Wolfwhistle 02-28-2019 09:54 PM

When I read "investment", it was deja vu all over again. My ex would use that word anytime she spent money that she knew I would not approve of or that we had not discussed beforehand. The ROI was not what I had hoped it would be.

The best thing going into a large purchase like this is to do so with eyes wide open. I would think it might be best to buy used first to see if the lifestyle fits you two.

The last thing I would have thought to ask about was how well they hold up on washboard roads.

But, this is a very good question and got some very good advice.

Best wishes and many miles and smiles,
Clint

James3344 02-28-2019 10:23 PM

Sorry everyone my choice of words was a little misleading. I was thinking of "about to make the investment" as in I am about to begin on the journey of owning an airstream which is an investment of money, time, sweat, tears, work, etc. to receive the payoff of memories, fun, adventure, etc.

I understand that this purchase is not going to be giving me any sort of financial return.

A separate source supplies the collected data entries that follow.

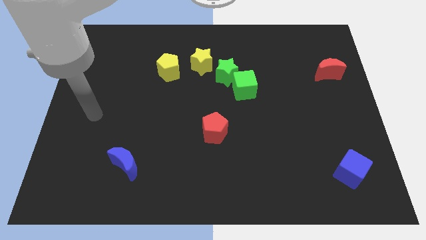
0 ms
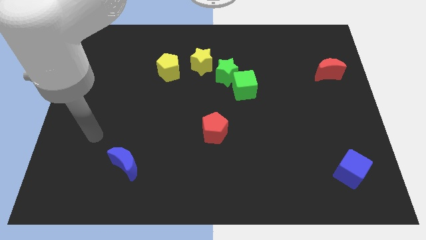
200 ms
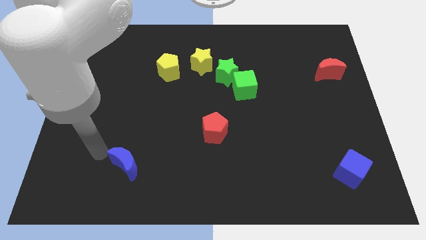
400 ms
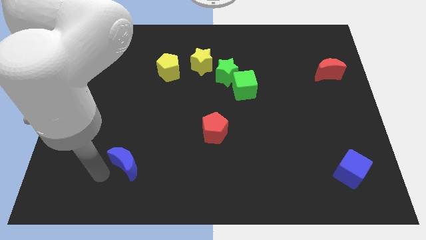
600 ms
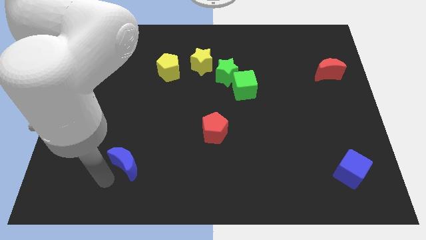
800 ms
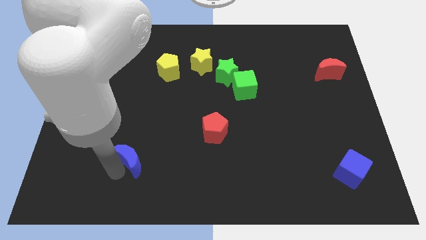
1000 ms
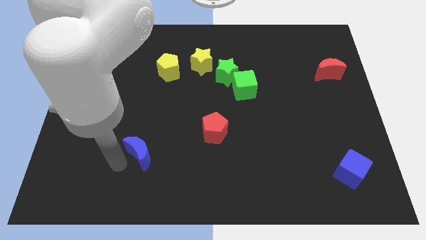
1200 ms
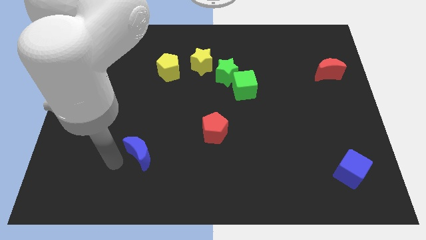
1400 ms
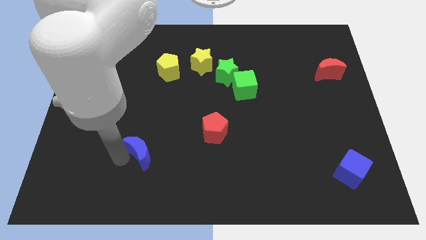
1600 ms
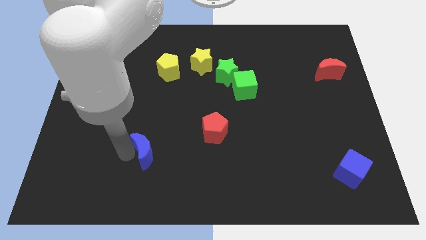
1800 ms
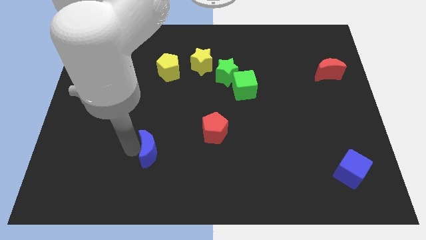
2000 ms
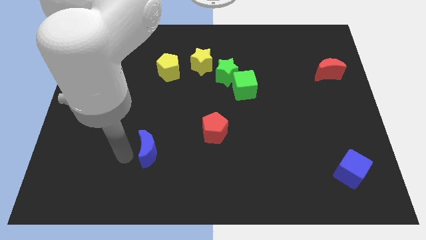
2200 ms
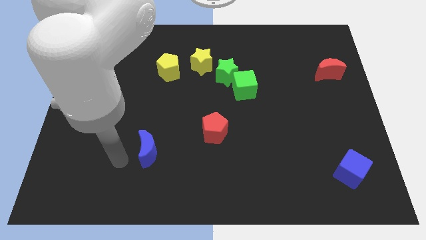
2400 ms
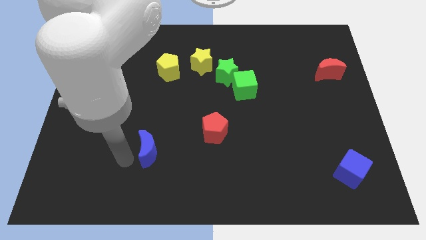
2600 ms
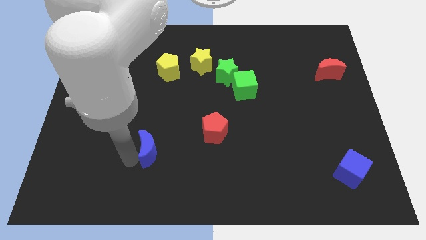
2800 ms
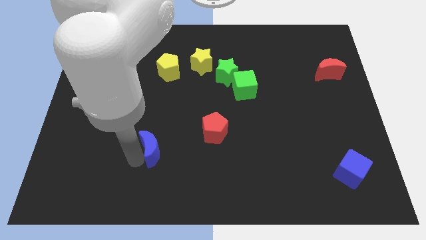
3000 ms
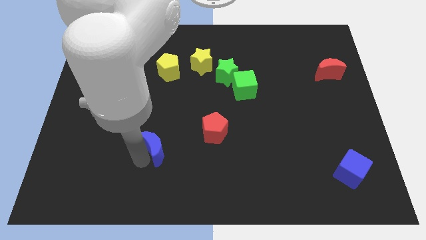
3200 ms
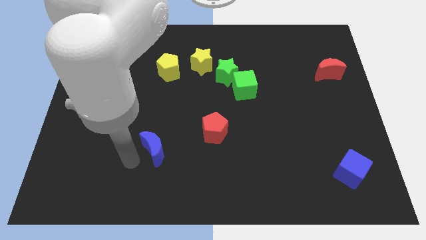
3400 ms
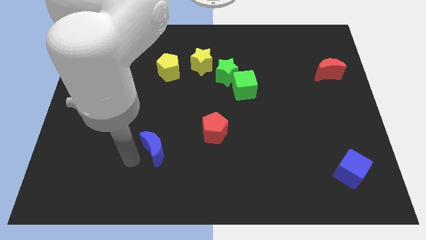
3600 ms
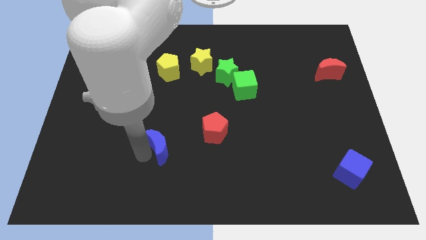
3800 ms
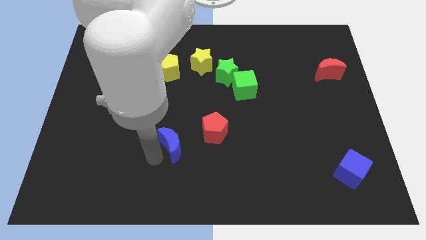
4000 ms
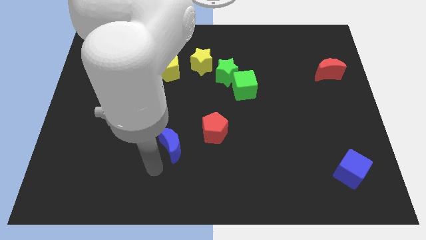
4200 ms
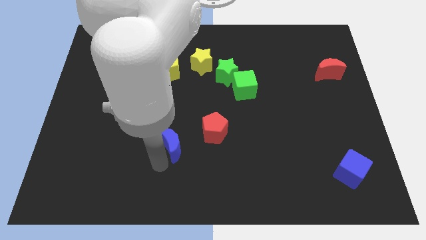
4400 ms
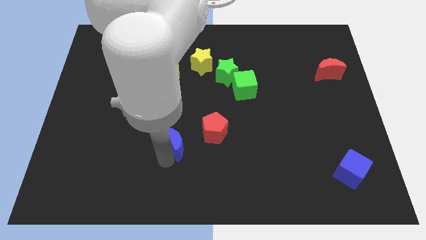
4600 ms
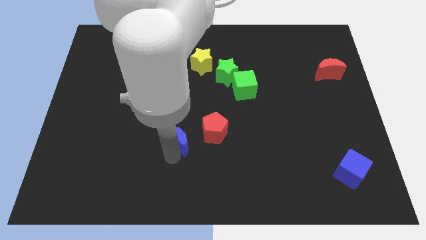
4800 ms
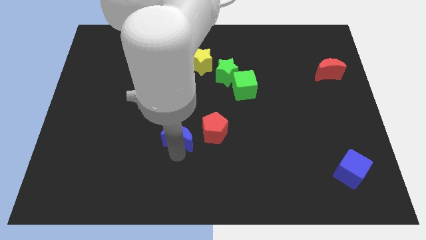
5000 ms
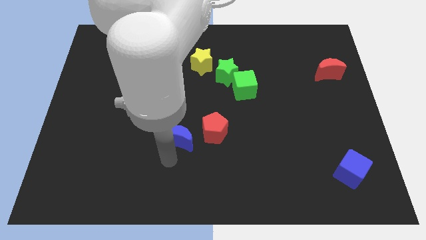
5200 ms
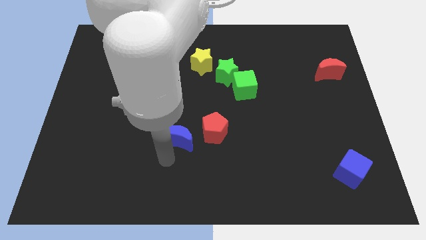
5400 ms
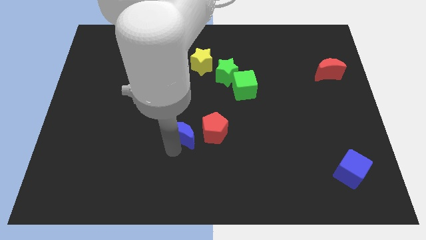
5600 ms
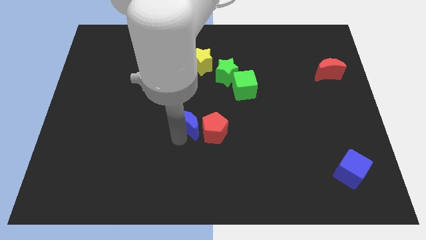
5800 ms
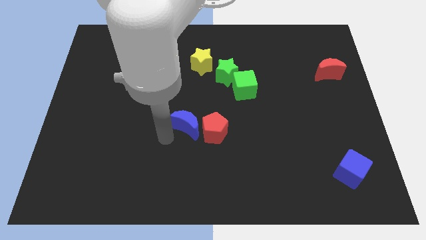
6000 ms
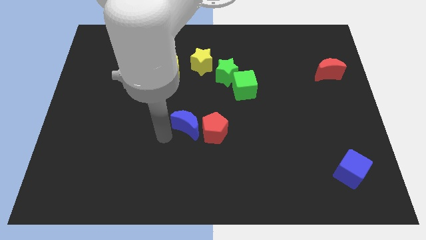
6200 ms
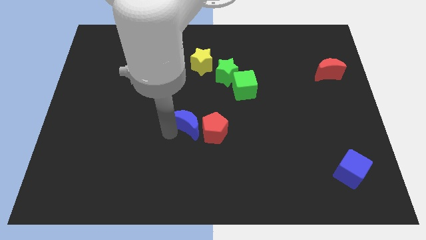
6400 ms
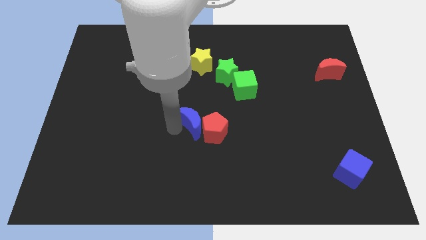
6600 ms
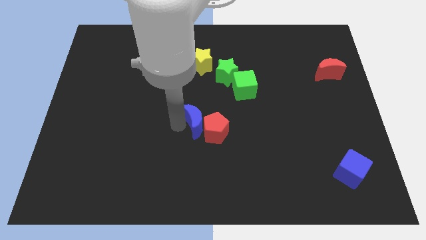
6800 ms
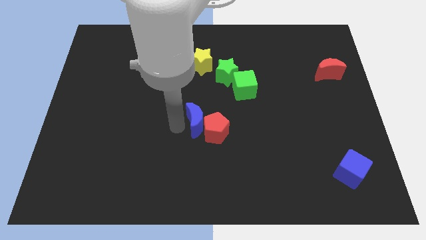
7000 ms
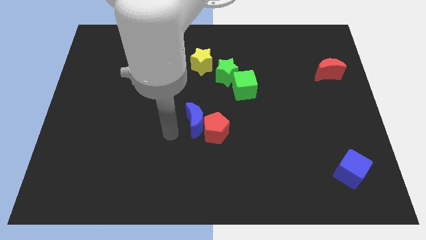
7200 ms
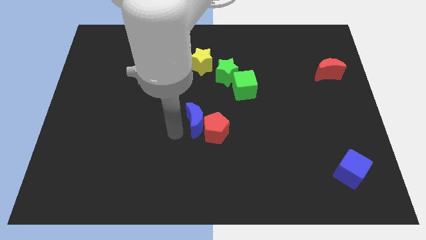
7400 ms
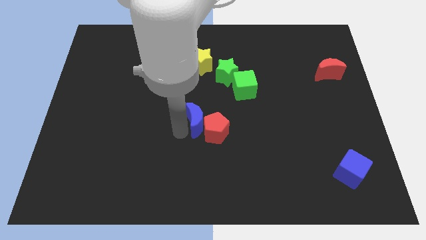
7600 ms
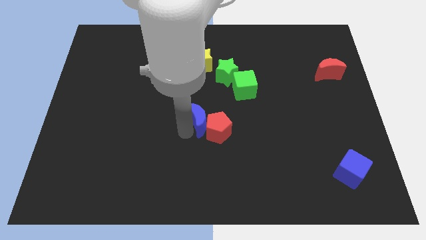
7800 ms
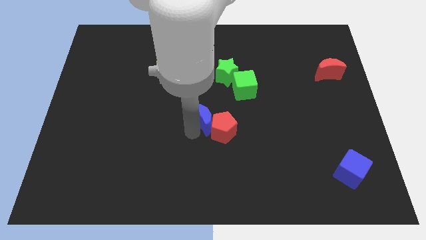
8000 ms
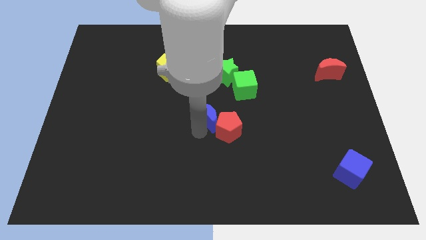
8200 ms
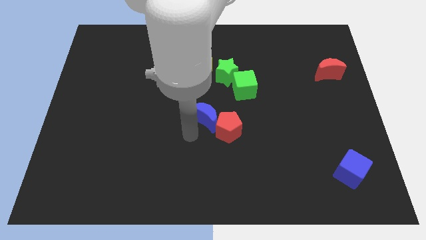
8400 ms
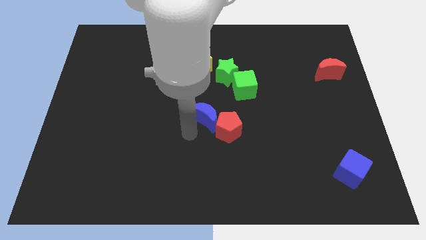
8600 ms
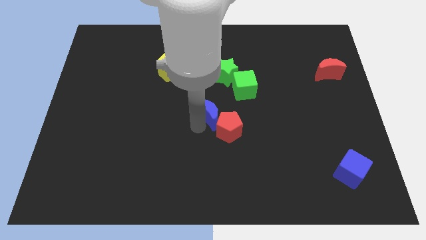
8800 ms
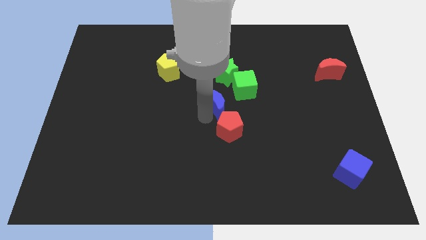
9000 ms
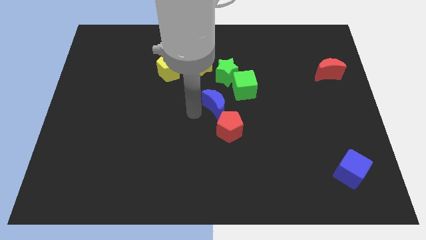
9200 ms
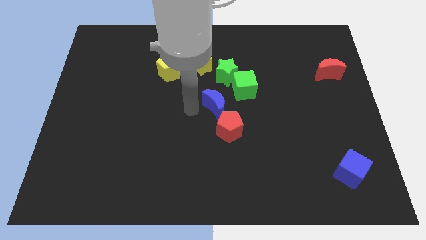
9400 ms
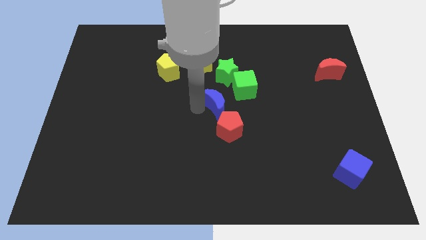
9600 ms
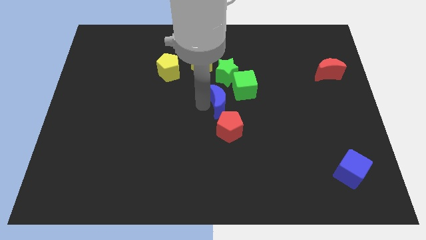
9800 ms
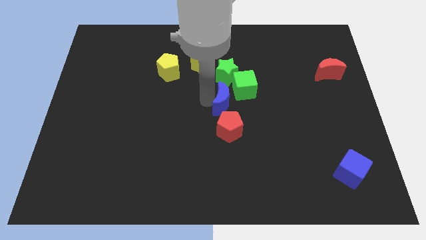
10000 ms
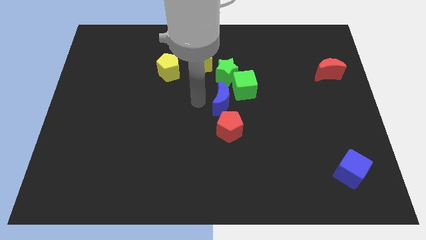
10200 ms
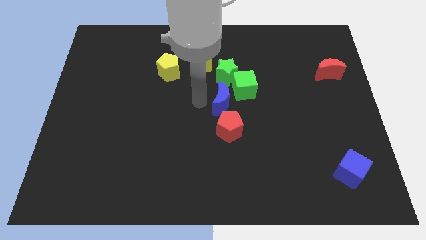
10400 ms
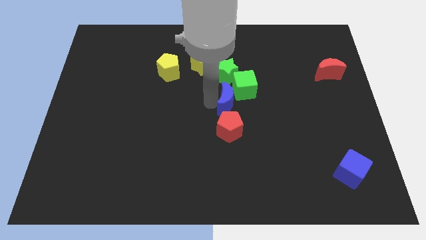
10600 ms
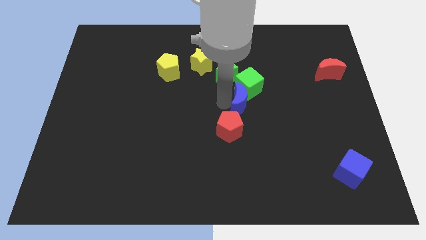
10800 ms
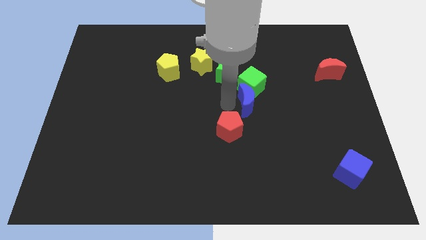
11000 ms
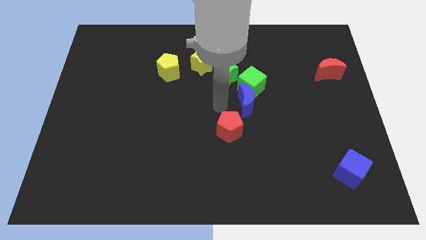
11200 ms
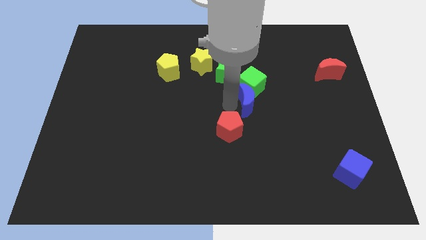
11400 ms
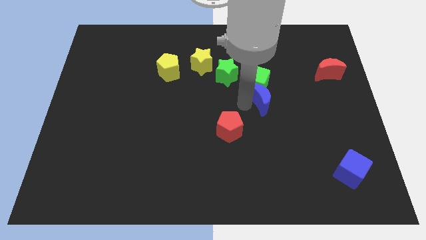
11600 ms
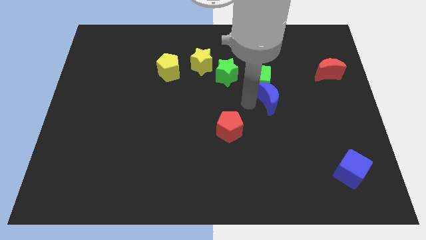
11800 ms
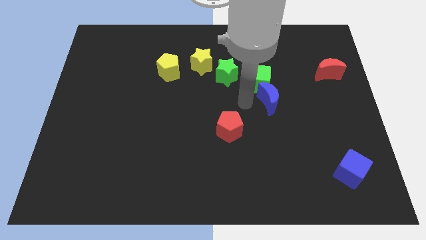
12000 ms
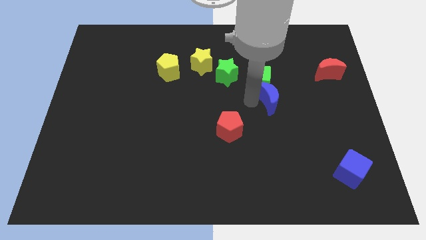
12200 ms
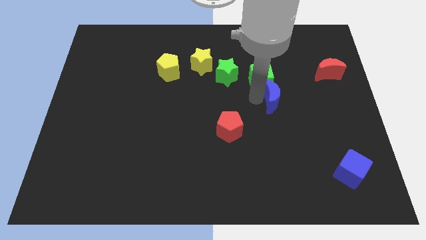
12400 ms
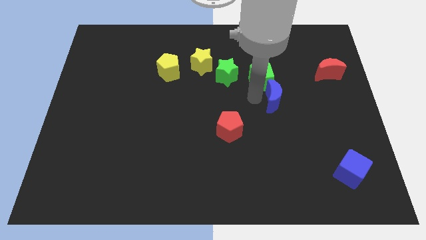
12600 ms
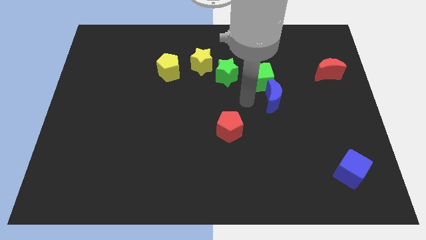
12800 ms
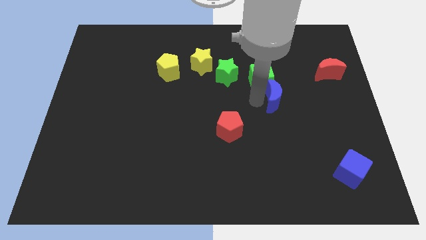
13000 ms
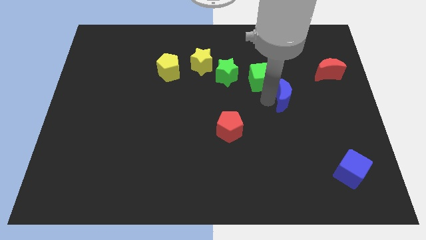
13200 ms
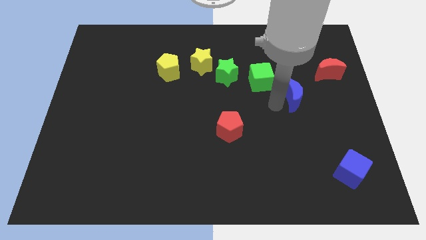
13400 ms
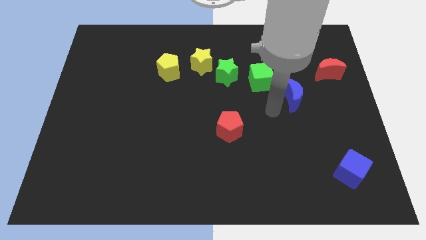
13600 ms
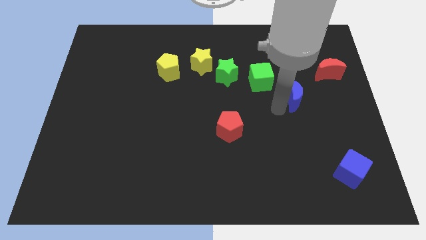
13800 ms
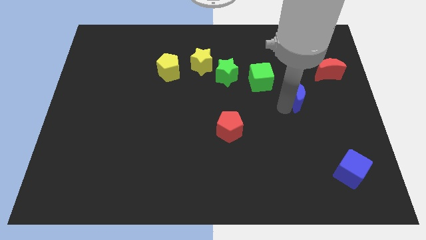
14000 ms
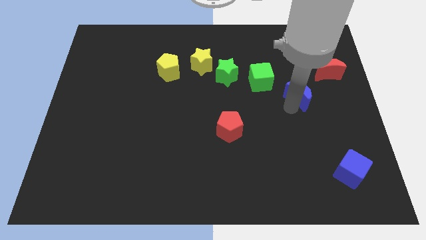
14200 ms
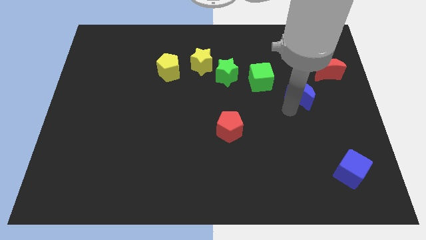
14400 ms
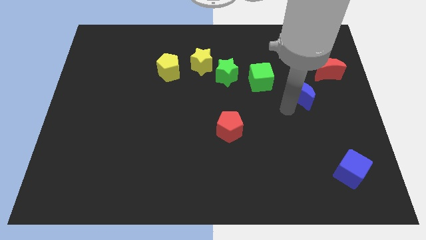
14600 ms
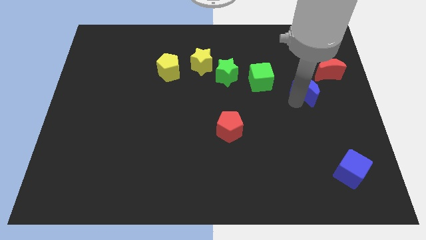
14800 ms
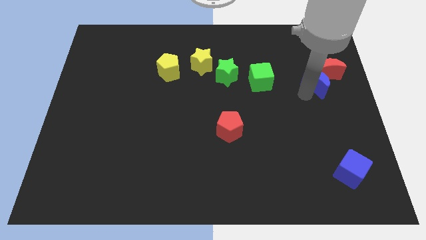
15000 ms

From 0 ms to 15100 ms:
slide the blue moon next to the red moon

Wolfwhistle 03-02-2019 07:56 AM

Quote:

Originally Posted by James3344 (Post 2215011)
Sorry everyone my choice of words was a little misleading. I was thinking of "about to make the investment" as in I am about to begin on the journey of owning an airstream which is an investment of money, time, sweat, tears, work, etc. to receive the payoff of memories, fun, adventure, etc.

I understand that this purchase is not going to be giving me any sort of financial return.


James, Aren't we humans odd the way we see a word and take off running with it. Here's hoping your ROI is far more than you can even imagine and that the new Airstream brings much joy. When I see my little 23FB I can't help but smile. Make your's a way to bring relationships closer and make lots of memories along the way.
Clint

TouringDan 03-02-2019 08:10 AM

About to make the investment.
 
Quote:

Originally Posted by Wolfwhistle (Post 2215462)
James, Aren't we humans odd the way we see a word and take off running with it. Here's hoping your ROI is far more than you can even imagine and that the new Airstream brings much joy. When I see my little 23FB I can't help but smile. Make your's a way to bring relationships closer and make lots of memories along the way.
Clint



Very well said Wolfwhistle. It is kind of like buying a car. Buying new is expensive. Most folks buy new because they can and it is easier than buying used. Buying used definitely saves some money but it is harder to find and get what you want. Whatever works for you.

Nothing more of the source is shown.